Union officials complained that they have not been given equal access to the administration. For example, an internal memo from an employers association shows that the White House group met with representatives of shipping lines and major retailers during its formation, on June 4. At the time, officials solicited ideas for “concrete steps the administration might take to back up strong statements” it might make to the union. Employers were given a direct phone line to senior White House economics advisor Carlos Bonilla.
Stallone said the union learned of the White House group two weeks later, through a bulletin issued by the employers. At the union's request, U.S. Sens. Edward Kennedy (D-Mass.), Dianne Feinstein (D-Calif.), Barbara Boxer (D-Calif.) and others asked the Bush administration to withdraw. “We strongly believe that the parties should be left to resolve their differences through good-faith bargaining,” they wrote in a June 28 letter.
The shipping lines and dockworkers began negotiating in May but still appear to be far from an agreement. The shippers have offered a 17% wage hike over five years, but the real fight is over jurisdictional questions.

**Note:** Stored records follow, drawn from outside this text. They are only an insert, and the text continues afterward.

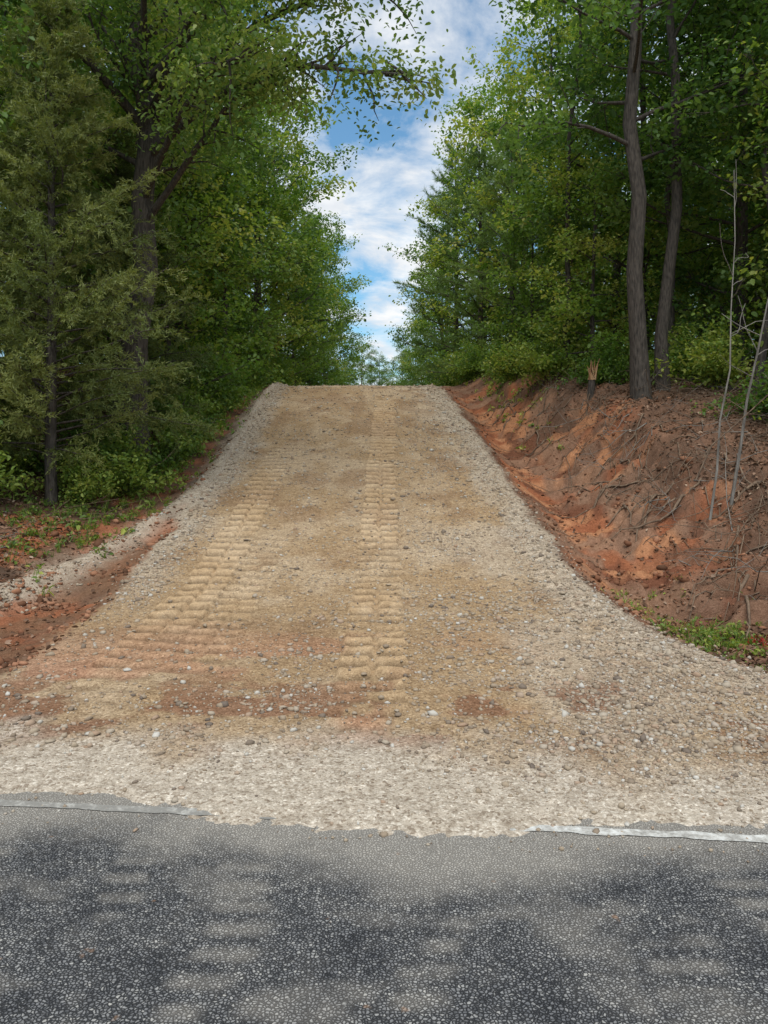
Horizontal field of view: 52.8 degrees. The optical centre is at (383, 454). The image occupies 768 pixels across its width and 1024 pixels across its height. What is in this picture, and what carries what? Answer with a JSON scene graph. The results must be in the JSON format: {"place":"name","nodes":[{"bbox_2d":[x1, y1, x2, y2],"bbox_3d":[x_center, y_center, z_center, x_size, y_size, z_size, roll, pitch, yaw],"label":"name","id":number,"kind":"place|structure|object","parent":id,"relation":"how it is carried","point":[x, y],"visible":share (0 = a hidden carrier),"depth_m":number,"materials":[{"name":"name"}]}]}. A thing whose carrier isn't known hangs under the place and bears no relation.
{"place":"outdoors","nodes":[
{"label":"outdoors","id":0,"kind":"place"},
{"bbox_2d":[0,0,752,385],"label":"sky","id":1,"kind":"structure","parent":0,"point":[387,176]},
{"bbox_2d":[0,357,767,838],"bbox_3d":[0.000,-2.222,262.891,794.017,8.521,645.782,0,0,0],"label":"ground","id":2,"kind":"structure","parent":0,"point":[306,797],"depth_m":7.22,"materials":[{"name":"brown soil"}]},
{"bbox_2d":[0,418,51,504],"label":"shrub","id":3,"kind":"object","parent":2,"relation":"on","point":[12,483],"visible":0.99,"depth_m":10.82,"materials":[{"name":"green plant"}]},
{"bbox_2d":[0,123,61,460],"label":"cedar tree","id":4,"kind":"object","parent":2,"relation":"on","point":[11,247],"visible":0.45,"depth_m":10.97,"materials":[{"name":"green plant"}]},
{"bbox_2d":[0,0,90,238],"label":"oak tree","id":5,"kind":"object","parent":2,"relation":"on","point":[23,7],"visible":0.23,"depth_m":11.48,"materials":[{"name":"green plant"}]},
{"bbox_2d":[0,399,108,476],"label":"shrub","id":6,"kind":"object","parent":2,"relation":"on","point":[33,465],"visible":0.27,"depth_m":12.29,"materials":[{"name":"green plant"}]},
{"bbox_2d":[0,0,142,463],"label":"oak tree","id":7,"kind":"object","parent":2,"relation":"on","point":[13,48],"visible":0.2,"depth_m":12.13,"materials":[{"name":"green plant"}]},
{"bbox_2d":[31,439,124,507],"bbox_3d":[-4.530,0.354,11.667,1.726,1.168,1.201,0,0,42],"label":"shrub","id":8,"kind":"object","parent":2,"relation":"on","point":[82,487],"visible":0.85,"depth_m":11.40,"materials":[{"name":"green plant"}]},
{"bbox_2d":[0,481,170,582],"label":"weeds","id":9,"kind":"object","parent":2,"relation":"on","point":[30,532],"visible":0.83,"depth_m":10.42,"materials":[{"name":"green plant"}]},
{"bbox_2d":[0,23,171,430],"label":"sweetgum tree","id":10,"kind":"object","parent":2,"relation":"on","point":[14,128],"visible":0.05,"depth_m":13.98,"materials":[{"name":"green plant"}]},
{"bbox_2d":[0,0,178,402],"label":"oak tree","id":11,"kind":"object","parent":2,"relation":"on","point":[117,111],"visible":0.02,"depth_m":16.25,"materials":[{"name":"green plant"}]},
{"bbox_2d":[0,0,219,504],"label":"cedar tree","id":12,"kind":"object","parent":2,"relation":"on","point":[51,264],"visible":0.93,"depth_m":11.17,"materials":[{"name":"green plant"}]},
{"bbox_2d":[30,413,198,486],"bbox_3d":[-4.535,0.058,13.110,2.143,1.561,2.254,0,0,15],"label":"shrub","id":13,"kind":"object","parent":2,"relation":"on","point":[155,463],"visible":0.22,"depth_m":12.98,"materials":[{"name":"green plant"}]},
{"bbox_2d":[30,125,218,438],"bbox_3d":[-4.933,-3.255,14.977,3.736,6.437,3.615,0,0,-25],"label":"cedar tree","id":14,"kind":"object","parent":2,"relation":"on","point":[125,173],"visible":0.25,"depth_m":14.85,"materials":[{"name":"green plant"}]},
{"bbox_2d":[64,413,192,500],"bbox_3d":[-3.959,0.122,12.406,1.746,1.614,2.510,0,0,-7],"label":"shrub","id":15,"kind":"object","parent":2,"relation":"on","point":[131,477],"visible":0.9,"depth_m":12.07,"materials":[{"name":"green plant"}]},
{"bbox_2d":[0,0,273,398],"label":"sweetgum tree","id":16,"kind":"object","parent":2,"relation":"on","point":[225,220],"visible":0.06,"depth_m":17.95,"materials":[{"name":"green plant"}]},
{"bbox_2d":[26,385,268,595],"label":"grass","id":17,"kind":"structure","parent":2,"relation":"on","point":[124,530],"depth_m":11.95,"materials":[{"name":"green plant"}]},
{"bbox_2d":[54,1,242,406],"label":"oak tree","id":18,"kind":"object","parent":2,"relation":"on","point":[175,212],"visible":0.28,"depth_m":16.21,"materials":[{"name":"green plant"}]},
{"bbox_2d":[59,47,269,409],"bbox_3d":[-4.888,-4.939,18.764,5.600,8.425,5.274,0,0,16],"label":"sweetgum tree","id":19,"kind":"object","parent":2,"relation":"on","point":[200,311],"visible":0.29,"depth_m":18.31,"materials":[{"name":"green plant"}]},
{"bbox_2d":[55,6,281,357],"bbox_3d":[-7.083,-9.445,24.585,8.579,14.582,7.468,0,0,29],"label":"oak tree","id":20,"kind":"object","parent":2,"relation":"on","point":[275,264],"visible":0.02,"depth_m":23.99,"materials":[{"name":"green plant"}]},
{"bbox_2d":[95,375,244,441],"bbox_3d":[-4.476,-0.781,16.176,2.357,1.854,2.480,0,0,43],"label":"shrub","id":21,"kind":"object","parent":2,"relation":"on","point":[156,404],"visible":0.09,"depth_m":16.16,"materials":[{"name":"green plant"}]},
{"bbox_2d":[86,0,271,395],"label":"oak tree","id":22,"kind":"object","parent":2,"relation":"on","point":[225,212],"visible":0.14,"depth_m":19.74,"materials":[{"name":"green plant"}]},
{"bbox_2d":[59,11,306,373],"bbox_3d":[-6.117,-7.691,22.009,7.106,11.892,7.337,0,0,-17],"label":"sweetgum tree","id":23,"kind":"object","parent":2,"relation":"on","point":[249,340],"visible":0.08,"depth_m":21.49,"materials":[{"name":"green plant"}]},
{"bbox_2d":[149,393,216,469],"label":"shrub","id":24,"kind":"object","parent":2,"relation":"on","point":[165,448],"visible":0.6,"depth_m":14.22,"materials":[{"name":"green plant"}]},
{"bbox_2d":[106,99,279,403],"bbox_3d":[-5.256,-5.560,20.650,5.274,8.449,5.600,0,0,37],"label":"sweetgum tree","id":25,"kind":"object","parent":2,"relation":"on","point":[227,279],"visible":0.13,"depth_m":20.28,"materials":[{"name":"green plant"}]},
{"bbox_2d":[151,343,251,418],"bbox_3d":[-4.385,-1.531,17.843,3.451,2.167,2.401,0,0,-41],"label":"shrub","id":26,"kind":"object","parent":2,"relation":"on","point":[210,409],"visible":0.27,"depth_m":17.95,"materials":[{"name":"green plant"}]},
{"bbox_2d":[151,379,280,440],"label":"grass","id":27,"kind":"structure","parent":2,"relation":"on","point":[256,390],"depth_m":21.48,"materials":[{"name":"green plant"}]},
{"bbox_2d":[178,353,255,407],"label":"shrub","id":28,"kind":"object","parent":2,"relation":"on","point":[238,388],"visible":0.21,"depth_m":19.82,"materials":[{"name":"green plant"}]},
{"bbox_2d":[197,337,255,388],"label":"shrub","id":29,"kind":"object","parent":2,"relation":"on","point":[233,363],"visible":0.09,"depth_m":21.74,"materials":[{"name":"green plant"}]},
{"bbox_2d":[172,0,283,365],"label":"oak tree","id":30,"kind":"object","parent":2,"relation":"on","point":[256,154],"visible":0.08,"depth_m":23.64,"materials":[{"name":"green plant"}]},
{"bbox_2d":[158,149,298,381],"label":"sweetgum tree","id":31,"kind":"object","parent":2,"relation":"on","point":[245,317],"visible":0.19,"depth_m":24.85,"materials":[{"name":"green plant"}]},
{"bbox_2d":[0,0,468,473],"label":"oak tree","id":32,"kind":"object","parent":2,"relation":"on","point":[141,79],"visible":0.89,"depth_m":12.08,"materials":[{"name":"green plant"}]},
{"bbox_2d":[158,0,336,362],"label":"oak tree","id":33,"kind":"object","parent":2,"relation":"on","point":[301,254],"visible":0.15,"depth_m":26.89,"materials":[{"name":"green plant"}]},
{"bbox_2d":[226,352,274,388],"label":"shrub","id":34,"kind":"object","parent":2,"relation":"on","point":[252,378],"visible":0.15,"depth_m":23.92,"materials":[{"name":"green plant"}]},
{"bbox_2d":[236,350,275,386],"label":"shrub","id":35,"kind":"object","parent":2,"relation":"on","point":[261,381],"visible":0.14,"depth_m":26.47,"materials":[{"name":"green plant"}]},
{"bbox_2d":[202,155,342,385],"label":"sweetgum tree","id":36,"kind":"object","parent":2,"relation":"on","point":[281,307],"visible":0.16,"depth_m":29.77,"materials":[{"name":"green plant"}]},
{"bbox_2d":[201,73,356,383],"bbox_3d":[-5.169,-8.878,30.892,8.036,13.606,7.783,0,0,11],"label":"sweetgum tree","id":37,"kind":"object","parent":2,"relation":"on","point":[317,240],"visible":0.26,"depth_m":30.55,"materials":[{"name":"green plant"}]},
{"bbox_2d":[259,354,304,386],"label":"shrub","id":38,"kind":"object","parent":2,"relation":"on","point":[287,374],"visible":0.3,"depth_m":29.70,"materials":[{"name":"green plant"}]},
{"bbox_2d":[271,358,304,385],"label":"shrub","id":39,"kind":"object","parent":2,"relation":"on","point":[290,372],"visible":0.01,"depth_m":34.18,"materials":[{"name":"green plant"}]},
{"bbox_2d":[205,87,371,385],"bbox_3d":[-4.893,-10.277,37.574,8.146,16.286,9.359,0,0,-44],"label":"oak tree","id":40,"kind":"object","parent":2,"relation":"on","point":[334,167],"visible":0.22,"depth_m":36.58,"materials":[{"name":"green plant"}]},
{"bbox_2d":[229,211,351,385],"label":"sweetgum tree","id":41,"kind":"object","parent":2,"relation":"on","point":[309,354],"visible":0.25,"depth_m":36.71,"materials":[{"name":"green plant"}]},
{"bbox_2d":[251,170,347,372],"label":"pine tree","id":42,"kind":"object","parent":2,"relation":"on","point":[342,336],"visible":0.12,"depth_m":42.93,"materials":[{"name":"green plant"}]},
{"bbox_2d":[261,262,370,385],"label":"sweetgum tree","id":43,"kind":"object","parent":2,"relation":"on","point":[330,358],"visible":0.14,"depth_m":43.45,"materials":[{"name":"green plant"}]},
{"bbox_2d":[268,210,371,385],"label":"sweetgum tree","id":44,"kind":"object","parent":2,"relation":"on","point":[354,281],"visible":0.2,"depth_m":48.85,"materials":[{"name":"green plant"}]},
{"bbox_2d":[290,232,373,383],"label":"oak tree","id":45,"kind":"object","parent":2,"relation":"on","point":[355,336],"visible":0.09,"depth_m":59.57,"materials":[{"name":"green plant"}]},
{"bbox_2d":[287,286,378,385],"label":"sweetgum tree","id":46,"kind":"object","parent":2,"relation":"on","point":[358,356],"visible":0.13,"depth_m":52.93,"materials":[{"name":"green plant"}]},
{"bbox_2d":[0,382,767,862],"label":"gravel","id":47,"kind":"structure","parent":2,"relation":"on","point":[640,728],"depth_m":5.40,"materials":[{"name":"beige gravel"}]},
{"bbox_2d":[0,360,767,681],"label":"leaf litter","id":48,"kind":"object","parent":2,"relation":"on","point":[738,660],"visible":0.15,"depth_m":10.61,"materials":[{"name":"brown plant"}]},
{"bbox_2d":[0,0,767,385],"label":"forest trees","id":49,"kind":"object","parent":2,"relation":"on","point":[400,358],"visible":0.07,"depth_m":25.23,"materials":[{"name":"green plant"}]},
{"bbox_2d":[0,376,767,671],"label":"clay clods","id":50,"kind":"object","parent":2,"relation":"on","point":[13,662],"visible":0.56,"depth_m":9.68,"materials":[{"name":"brown soil"}]},
{"bbox_2d":[0,342,767,623],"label":"fallen branches","id":51,"kind":"object","parent":2,"relation":"on","point":[725,473],"visible":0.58,"depth_m":12.03,"materials":[{"name":"brown wood"}]},
{"bbox_2d":[383,305,466,385],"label":"sweetgum tree","id":52,"kind":"object","parent":2,"relation":"on","point":[408,360],"visible":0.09,"depth_m":55.99,"materials":[{"name":"green plant"}]},
{"bbox_2d":[375,255,477,385],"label":"sweetgum tree","id":53,"kind":"object","parent":2,"relation":"on","point":[415,325],"visible":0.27,"depth_m":43.94,"materials":[{"name":"green plant"}]},
{"bbox_2d":[378,179,497,384],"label":"oak tree","id":54,"kind":"object","parent":2,"relation":"on","point":[413,257],"visible":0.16,"depth_m":50.11,"materials":[{"name":"green plant"}]},
{"bbox_2d":[421,358,462,386],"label":"shrub","id":55,"kind":"object","parent":2,"relation":"on","point":[444,380],"visible":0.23,"depth_m":31.81,"materials":[{"name":"green plant"}]},
{"bbox_2d":[384,139,505,385],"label":"pine tree","id":56,"kind":"object","parent":2,"relation":"on","point":[446,228],"visible":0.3,"depth_m":37.73,"materials":[{"name":"green plant"}]},
{"bbox_2d":[426,327,491,385],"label":"shrub","id":57,"kind":"object","parent":2,"relation":"on","point":[452,361],"visible":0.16,"depth_m":27.48,"materials":[{"name":"green plant"}]},
{"bbox_2d":[446,338,492,382],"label":"shrub","id":58,"kind":"object","parent":2,"relation":"on","point":[467,366],"visible":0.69,"depth_m":24.83,"materials":[{"name":"green plant"}]},
{"bbox_2d":[388,77,562,367],"bbox_3d":[4.728,-9.533,35.006,7.783,14.276,8.036,0,0,-24],"label":"sweetgum tree","id":59,"kind":"object","parent":2,"relation":"on","point":[476,109],"visible":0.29,"depth_m":34.91,"materials":[{"name":"green plant"}]},
{"bbox_2d":[413,136,543,378],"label":"pine tree","id":60,"kind":"object","parent":2,"relation":"on","point":[455,281],"visible":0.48,"depth_m":29.85,"materials":[{"name":"green plant"}]},
{"bbox_2d":[471,326,518,380],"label":"shrub","id":61,"kind":"object","parent":2,"relation":"on","point":[496,340],"visible":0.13,"depth_m":22.73,"materials":[{"name":"green plant"}]},
{"bbox_2d":[436,120,577,372],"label":"pine tree","id":62,"kind":"object","parent":2,"relation":"on","point":[505,183],"visible":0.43,"depth_m":25.28,"materials":[{"name":"green plant"}]},
{"bbox_2d":[474,332,553,391],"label":"shrub","id":63,"kind":"object","parent":2,"relation":"on","point":[503,365],"visible":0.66,"depth_m":20.69,"materials":[{"name":"green plant"}]},
{"bbox_2d":[464,371,563,449],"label":"weeds","id":64,"kind":"object","parent":2,"relation":"on","point":[513,400],"visible":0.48,"depth_m":20.06,"materials":[{"name":"green plant"}]},
{"bbox_2d":[439,95,605,358],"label":"sweetgum tree","id":65,"kind":"object","parent":2,"relation":"on","point":[494,128],"visible":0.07,"depth_m":32.24,"materials":[{"name":"green plant"}]},
{"bbox_2d":[458,203,591,366],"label":"sweetgum tree","id":66,"kind":"object","parent":2,"relation":"on","point":[504,310],"visible":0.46,"depth_m":22.90,"materials":[{"name":"green plant"}]},
{"bbox_2d":[493,314,588,396],"bbox_3d":[4.273,-2.460,18.839,3.137,2.076,2.183,0,0,-29],"label":"shrub","id":67,"kind":"object","parent":2,"relation":"on","point":[542,348],"visible":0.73,"depth_m":18.72,"materials":[{"name":"green plant"}]},
{"bbox_2d":[430,0,660,367],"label":"sweetgum tree","id":68,"kind":"object","parent":2,"relation":"on","point":[510,91],"visible":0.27,"depth_m":27.09,"materials":[{"name":"green plant"}]},
{"bbox_2d":[478,92,640,384],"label":"sweetgum tree","id":69,"kind":"object","parent":2,"relation":"on","point":[524,302],"visible":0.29,"depth_m":20.92,"materials":[{"name":"green plant"}]},
{"bbox_2d":[508,0,650,365],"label":"oak tree","id":70,"kind":"object","parent":2,"relation":"on","point":[590,145],"visible":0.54,"depth_m":18.98,"materials":[{"name":"green plant"}]},
{"bbox_2d":[587,359,599,399],"bbox_3d":[4.413,-1.534,16.302,0.311,1.024,0.184,0,0,0],"label":"broken tree stump","id":71,"kind":"object","parent":2,"relation":"on","point":[592,376],"visible":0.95,"depth_m":16.25,"materials":[{"name":"brown wood"}]},
{"bbox_2d":[551,337,652,393],"bbox_3d":[4.835,-1.804,17.058,2.029,1.457,1.929,0,0,0],"label":"shrub","id":72,"kind":"object","parent":2,"relation":"on","point":[606,372],"visible":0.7,"depth_m":16.81,"materials":[{"name":"green plant"}]},
{"bbox_2d":[515,147,693,383],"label":"sweetgum tree","id":73,"kind":"object","parent":2,"relation":"on","point":[594,246],"visible":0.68,"depth_m":17.98,"materials":[{"name":"green plant"}]},
{"bbox_2d":[490,0,728,356],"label":"oak tree","id":74,"kind":"object","parent":2,"relation":"on","point":[616,266],"visible":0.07,"depth_m":23.67,"materials":[{"name":"green plant"}]},
{"bbox_2d":[469,0,767,400],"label":"oak tree","id":75,"kind":"object","parent":2,"relation":"on","point":[639,355],"visible":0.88,"depth_m":14.74,"materials":[{"name":"green plant"}]},
{"bbox_2d":[471,376,767,640],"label":"exposed roots","id":76,"kind":"object","parent":2,"relation":"on","point":[747,576],"visible":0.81,"depth_m":11.53,"materials":[{"name":"brown plant"}]},
{"bbox_2d":[492,0,767,356],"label":"sweetgum tree","id":77,"kind":"object","parent":2,"relation":"on","point":[600,309],"visible":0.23,"depth_m":19.12,"materials":[{"name":"green plant"}]},
{"bbox_2d":[600,576,702,632],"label":"weeds","id":78,"kind":"object","parent":2,"relation":"on","point":[638,607],"visible":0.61,"depth_m":8.67,"materials":[{"name":"green plant"}]},
{"bbox_2d":[554,0,766,391],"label":"oak tree","id":79,"kind":"object","parent":2,"relation":"on","point":[662,324],"visible":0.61,"depth_m":15.58,"materials":[{"name":"green plant"}]},
{"bbox_2d":[569,0,751,362],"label":"oak tree","id":80,"kind":"object","parent":2,"relation":"on","point":[667,191],"visible":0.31,"depth_m":17.11,"materials":[{"name":"green plant"}]},
{"bbox_2d":[582,0,767,369],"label":"oak tree","id":81,"kind":"object","parent":2,"relation":"on","point":[741,243],"visible":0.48,"depth_m":17.17,"materials":[{"name":"green plant"}]},
{"bbox_2d":[612,312,744,384],"bbox_3d":[6.203,-1.989,16.352,2.572,2.014,2.705,0,0,-11],"label":"shrub","id":82,"kind":"object","parent":2,"relation":"on","point":[676,363],"visible":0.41,"depth_m":16.04,"materials":[{"name":"green plant"}]},
{"bbox_2d":[640,0,767,393],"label":"oak tree","id":83,"kind":"object","parent":2,"relation":"on","point":[762,356],"visible":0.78,"depth_m":14.70,"materials":[{"name":"green plant"}]},
{"bbox_2d":[642,591,767,658],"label":"weeds","id":84,"kind":"object","parent":2,"relation":"on","point":[731,643],"visible":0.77,"depth_m":7.57,"materials":[{"name":"green plant"}]},
{"bbox_2d":[658,304,767,390],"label":"shrub","id":85,"kind":"object","parent":2,"relation":"on","point":[715,367],"visible":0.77,"depth_m":14.75,"materials":[{"name":"green plant"}]},
{"bbox_2d":[669,631,767,670],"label":"weeds","id":86,"kind":"object","parent":2,"relation":"on","point":[730,657],"visible":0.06,"depth_m":6.49,"materials":[{"name":"green plant"}]},
{"bbox_2d":[674,0,767,364],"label":"oak tree","id":87,"kind":"object","parent":2,"relation":"on","point":[723,137],"visible":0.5,"depth_m":15.87,"materials":[{"name":"green plant"}]},
{"bbox_2d":[690,355,767,423],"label":"shrub","id":88,"kind":"object","parent":2,"relation":"on","point":[758,397],"visible":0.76,"depth_m":12.89,"materials":[{"name":"green plant"}]},
{"bbox_2d":[695,373,767,479],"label":"fallen branch","id":89,"kind":"object","parent":2,"relation":"on","point":[703,463],"visible":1,"depth_m":8.97,"materials":[{"name":"wood"}]},
{"bbox_2d":[709,169,767,519],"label":"bare sapling","id":90,"kind":"object","parent":2,"relation":"on","point":[715,479],"visible":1,"depth_m":9.34,"materials":[{"name":"grey plant"}]},
{"bbox_2d":[711,22,767,362],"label":"sweetgum tree","id":91,"kind":"object","parent":2,"relation":"on","point":[759,139],"visible":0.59,"depth_m":14.31,"materials":[{"name":"green plant"}]},
{"bbox_2d":[720,9,767,148],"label":"oak tree","id":92,"kind":"object","parent":2,"relation":"on","point":[755,28],"visible":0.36,"depth_m":14.33,"materials":[{"name":"green plant"}]},
{"bbox_2d":[722,297,767,504],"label":"bare sapling","id":93,"kind":"object","parent":2,"relation":"on","point":[741,441],"visible":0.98,"depth_m":9.51,"materials":[{"name":"grey plant"}]},
{"bbox_2d":[740,69,767,211],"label":"oak tree","id":94,"kind":"object","parent":2,"relation":"on","point":[764,187],"visible":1,"depth_m":13.50,"materials":[{"name":"green plant"}]},
{"bbox_2d":[743,154,767,223],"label":"oak tree","id":95,"kind":"object","parent":2,"relation":"on","point":[757,179],"visible":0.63,"depth_m":14.66,"materials":[{"name":"green plant"}]},
{"bbox_2d":[747,631,767,646],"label":"red leaf plant","id":96,"kind":"object","parent":2,"relation":"on","point":[762,640],"visible":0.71,"depth_m":7.23,"materials":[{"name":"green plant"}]},
{"bbox_2d":[0,791,767,1023],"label":"asphalt road","id":97,"kind":"structure","parent":0,"point":[112,918],"depth_m":2.63,"materials":[{"name":"grey asphalt"}]},
{"bbox_2d":[0,799,767,842],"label":"road edge line","id":98,"kind":"object","parent":97,"relation":"on","point":[589,830],"visible":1,"depth_m":3.30,"materials":[{"name":"white paint"}]}
]}

Last month, for example, the union offered to accept new technologies that it said would boost productivity and lead to a 30% reduction in highly paid marine clerk jobs. Marine clerks document the movement of goods in and out of the ports, checking trucks at terminal gates and containers moving on and off ships.
In turn, the union asked that only union clerks be used for vessel planning, the configuration of thousands of containers on a given ship. That planning is now done by computer, often at remote locations by nonunion workers.
The shippers rejected that demand, saying those jobs do not belong in the union and that including them actually would increase the union's ranks. It also would not agree to bring under the union all jobs created by new technologies.
Observers in the labor movement as well as the administration said a long history of distrust on both sides has hampered progress. And indeed, the shippers and the union have general complaints about each other.
The Pacific Maritime Assn., which primarily represents foreign-owned shipping companies, says the union has never had to bargain because it has traditionally used the threat of a strike to get whatever it wants.
The ILWU, on the other hand, says the employers group is not negotiating seriously in this round because it is counting on federal intervention if a strike is called.
National labor leaders, including the AFL-CIO, are watching the ILWU talks closely as a bellwether for future negotiations in which the White House also might intervene.